What the task asks
With the pictures left out, write every entry down exactly.

Material shown
•••

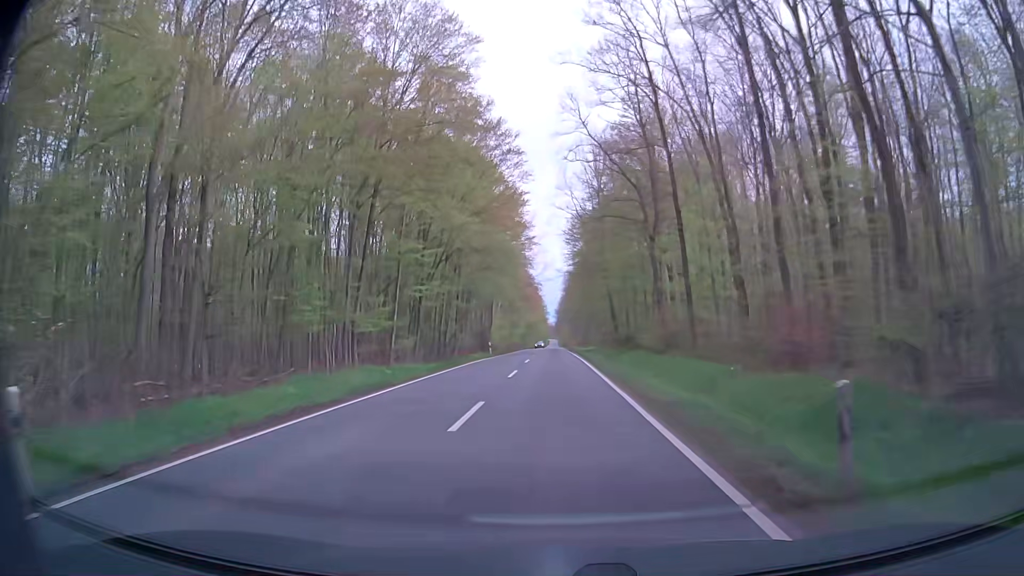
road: secondary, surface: asphalt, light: Day
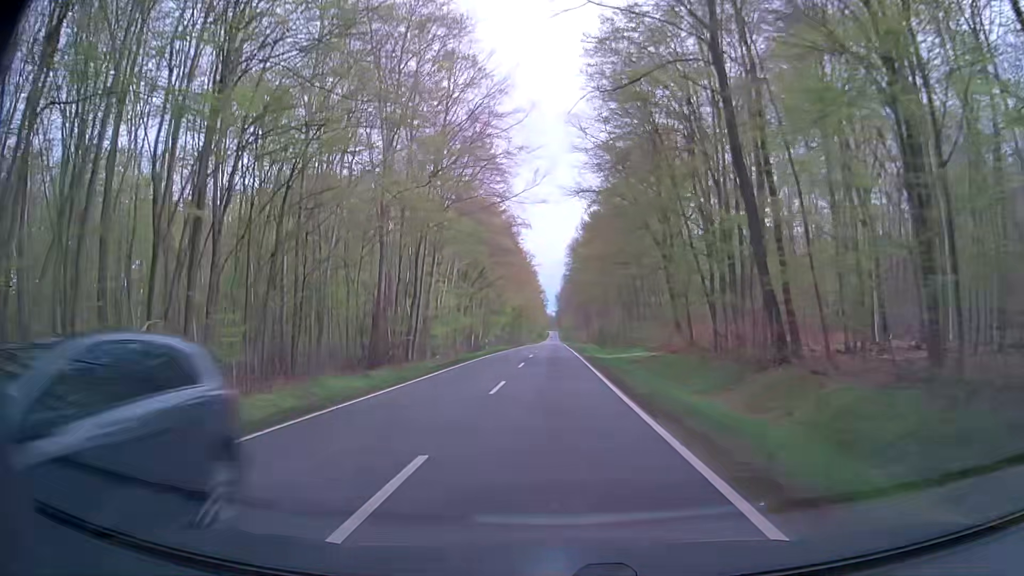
(-0.2, +54.1) m; 0°
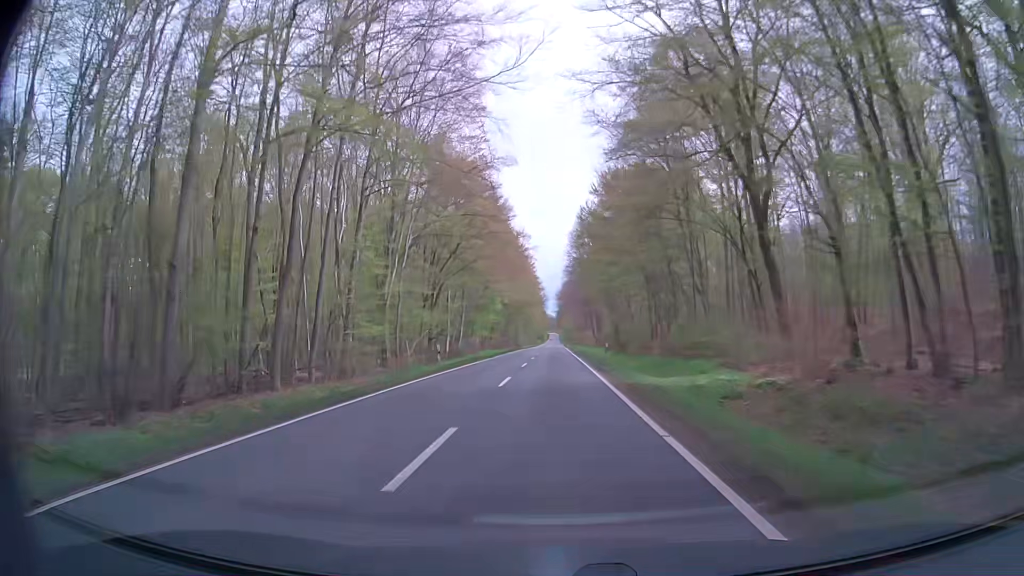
(-0.1, +21.7) m; 0°
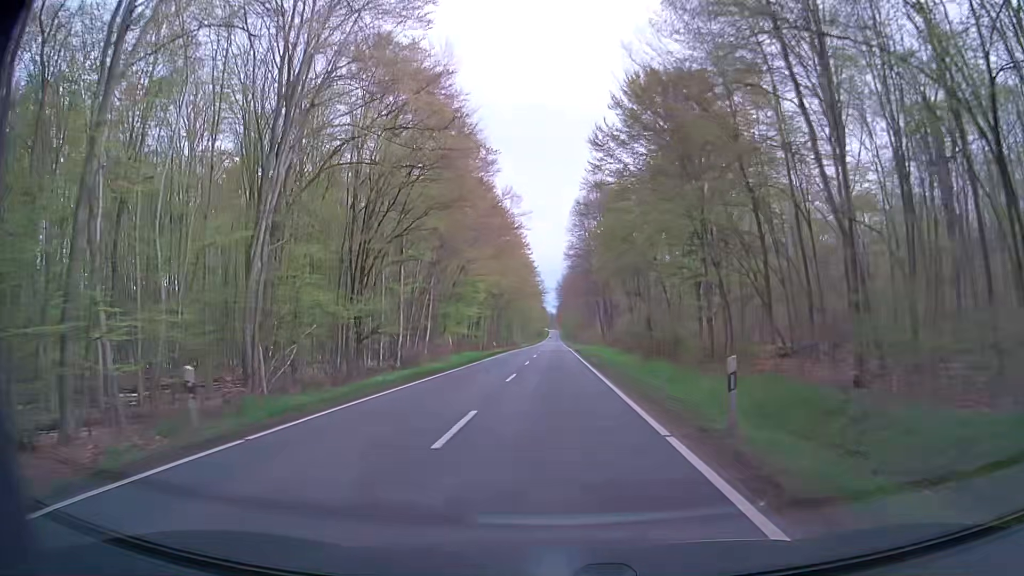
(0.0, +21.7) m; 0°
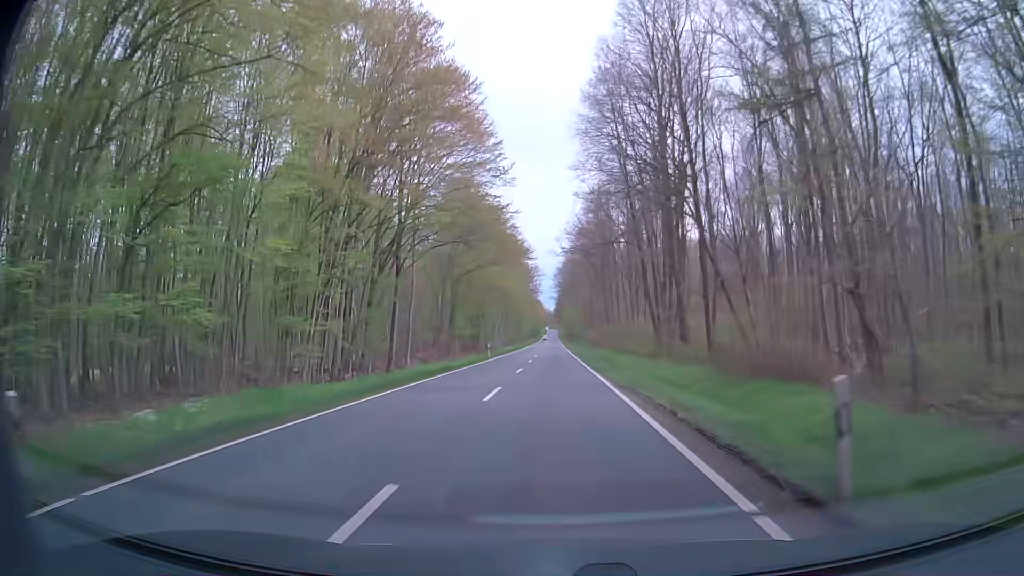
(+0.3, +54.1) m; 0°
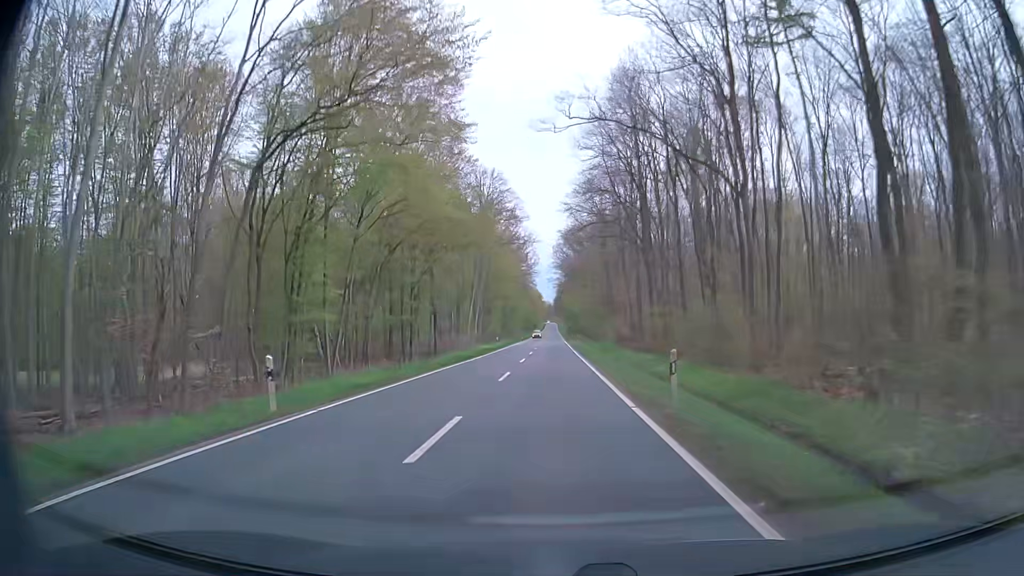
(+0.4, +43.2) m; 0°
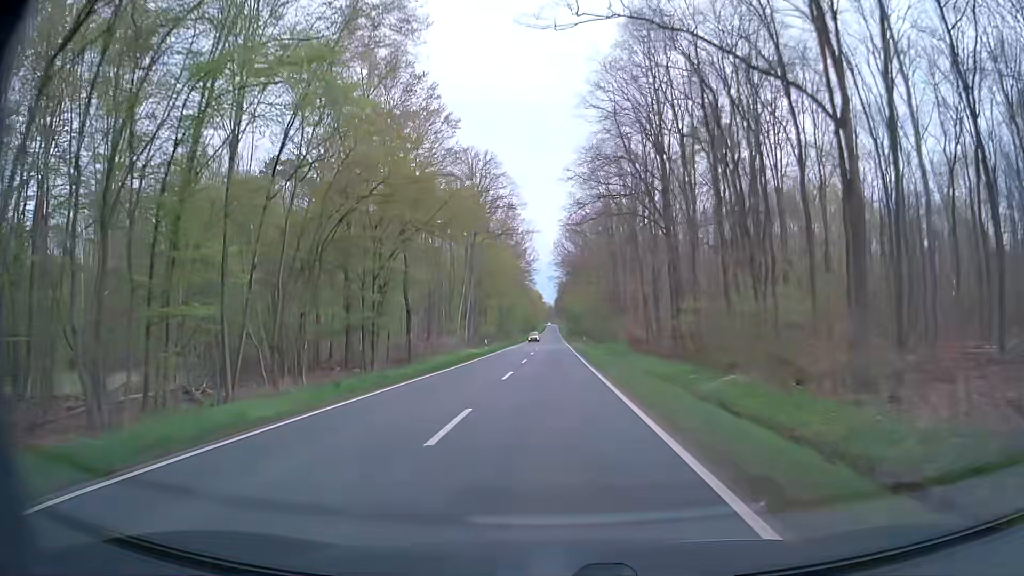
(0.0, +10.8) m; 0°
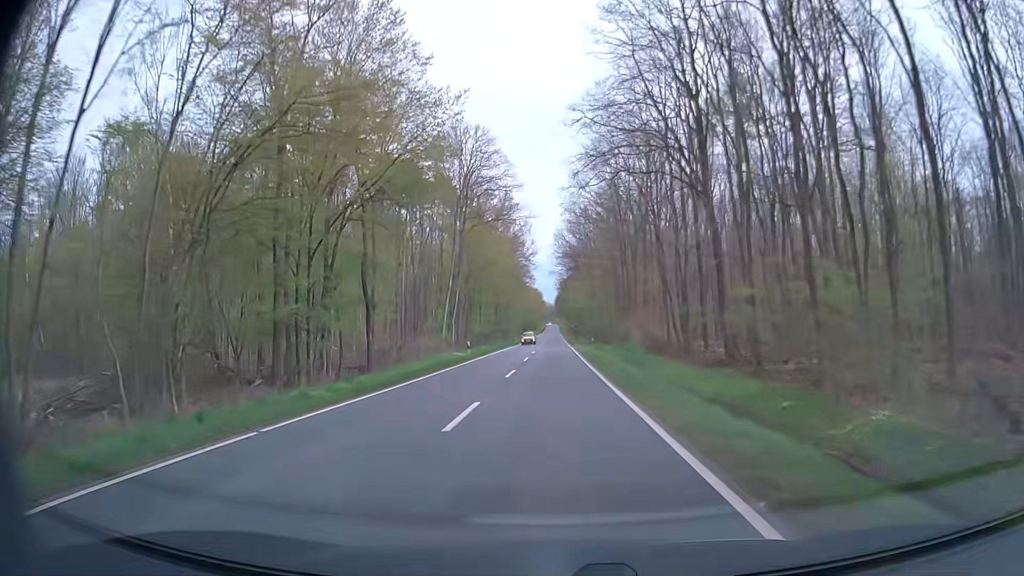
(+0.1, +10.8) m; 0°
(0, +10) (0, +20) (0, +30) (0, +40) (0, +50) (0, +60) (0, +70) (0, +80) (0, +90) (0, +100) m

•••

Reply to the task
road: secondary, surface: asphalt, light: Day
(-0.2, +54.1) m; 0°
(-0.1, +21.7) m; 0°
(0.0, +21.7) m; 0°
(+0.3, +54.1) m; 0°
(+0.4, +43.2) m; 0°
(0.0, +10.8) m; 0°
(+0.1, +10.8) m; 0°
(0, +10) (0, +20) (0, +30) (0, +40) (0, +50) (0, +60) (0, +70) (0, +80) (0, +90) (0, +100) m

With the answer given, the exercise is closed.